### ASSIGNED TASK
Except for the pictures, output the records in full and exactly.

### DATASET RECORDS
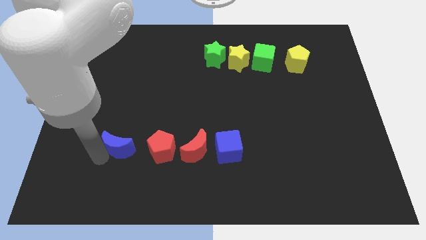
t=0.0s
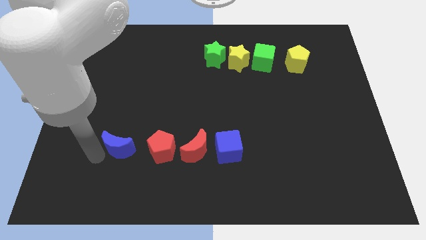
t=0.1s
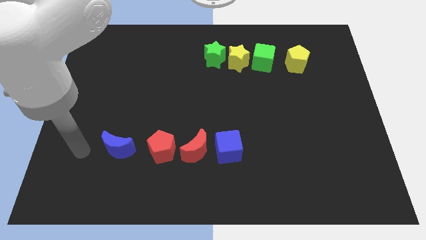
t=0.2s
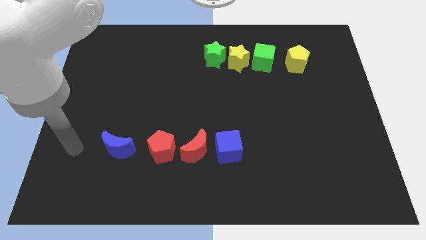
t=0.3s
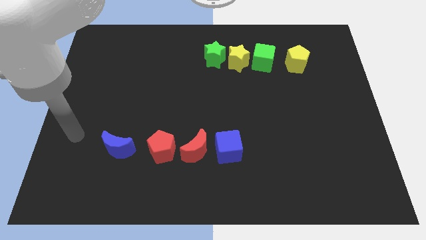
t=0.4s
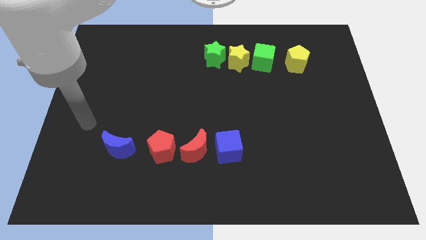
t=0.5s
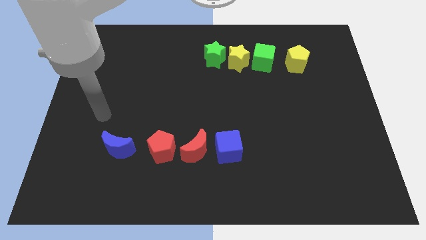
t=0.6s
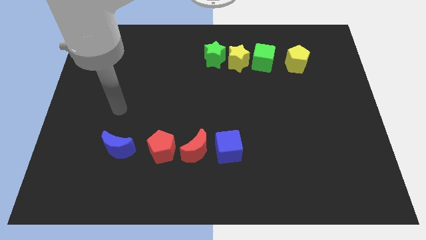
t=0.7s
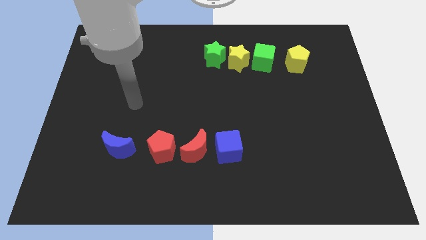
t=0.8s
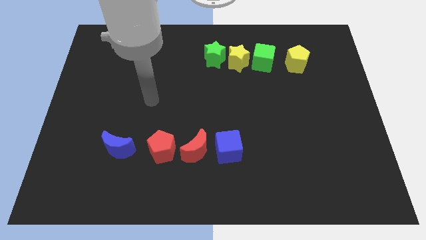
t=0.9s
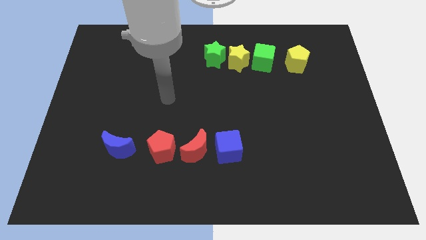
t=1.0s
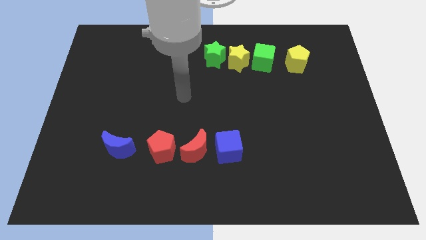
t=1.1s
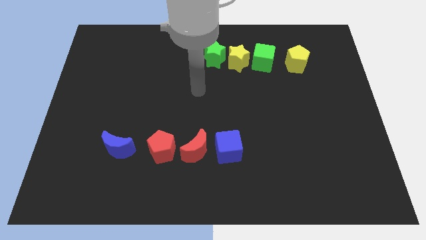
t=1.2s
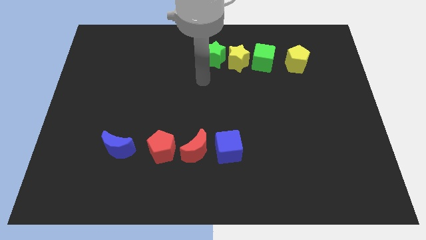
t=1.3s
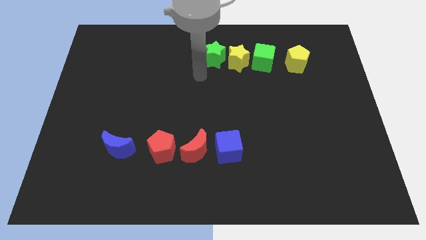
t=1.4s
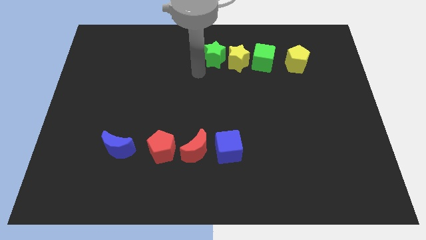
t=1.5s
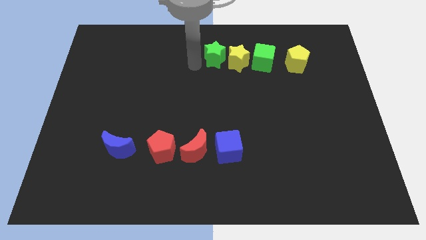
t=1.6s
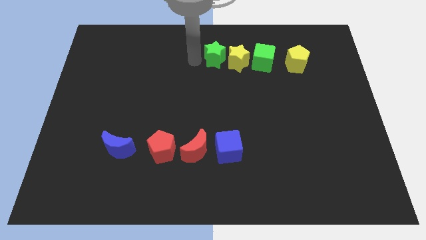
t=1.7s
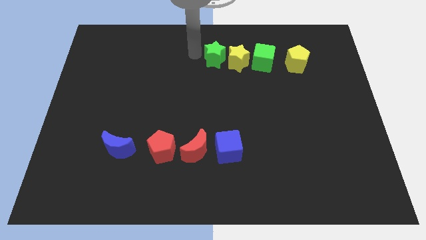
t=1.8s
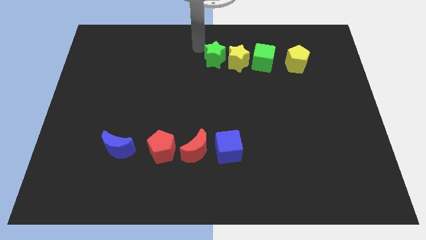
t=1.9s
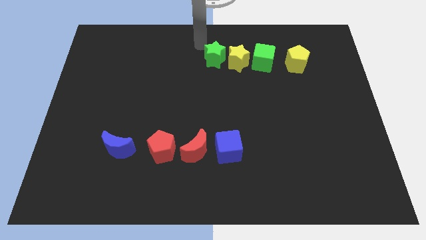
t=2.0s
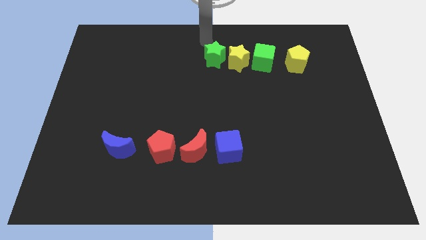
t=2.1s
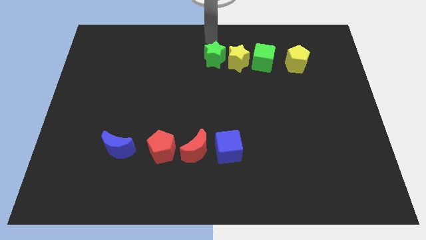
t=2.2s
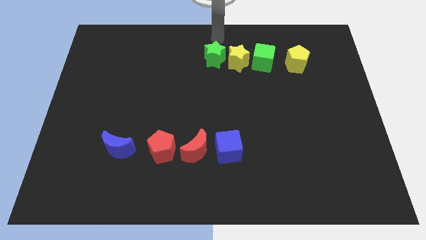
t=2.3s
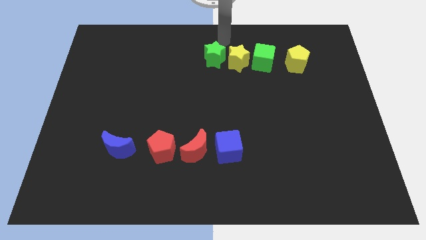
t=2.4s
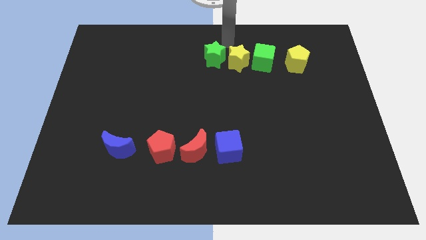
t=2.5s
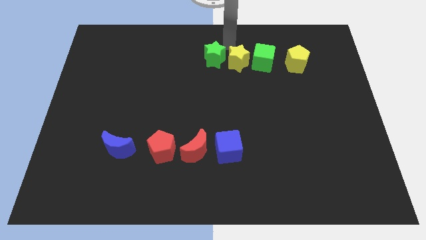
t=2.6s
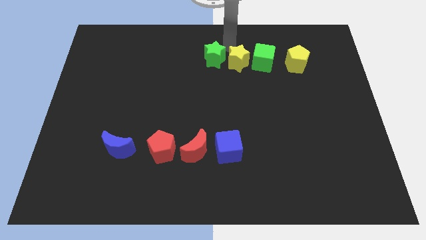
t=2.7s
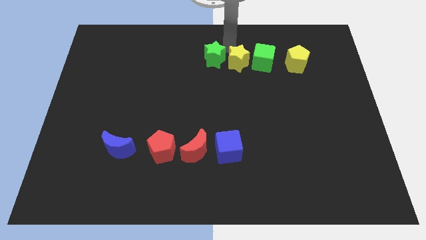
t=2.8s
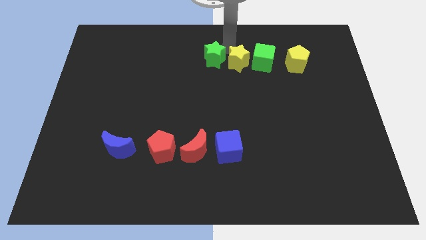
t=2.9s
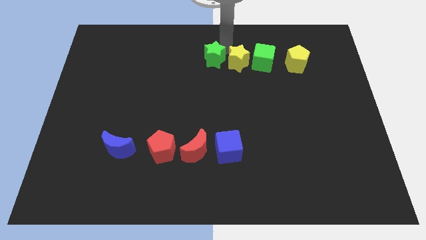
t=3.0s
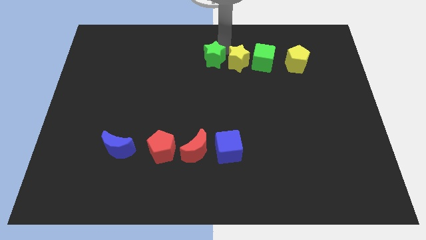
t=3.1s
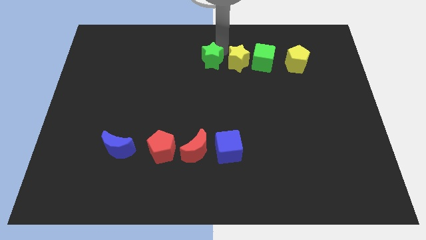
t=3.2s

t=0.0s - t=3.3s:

### ANSWER FOR THE TASK
t=0.0s
t=0.1s
t=0.2s
t=0.3s
t=0.4s
t=0.5s
t=0.6s
t=0.7s
t=0.8s
t=0.9s
t=1.0s
t=1.1s
t=1.2s
t=1.3s
t=1.4s
t=1.5s
t=1.6s
t=1.7s
t=1.8s
t=1.9s
t=2.0s
t=2.1s
t=2.2s
t=2.3s
t=2.4s
t=2.5s
t=2.6s
t=2.7s
t=2.8s
t=2.9s
t=3.0s
t=3.1s
t=3.2s

t=0.0s - t=3.3s:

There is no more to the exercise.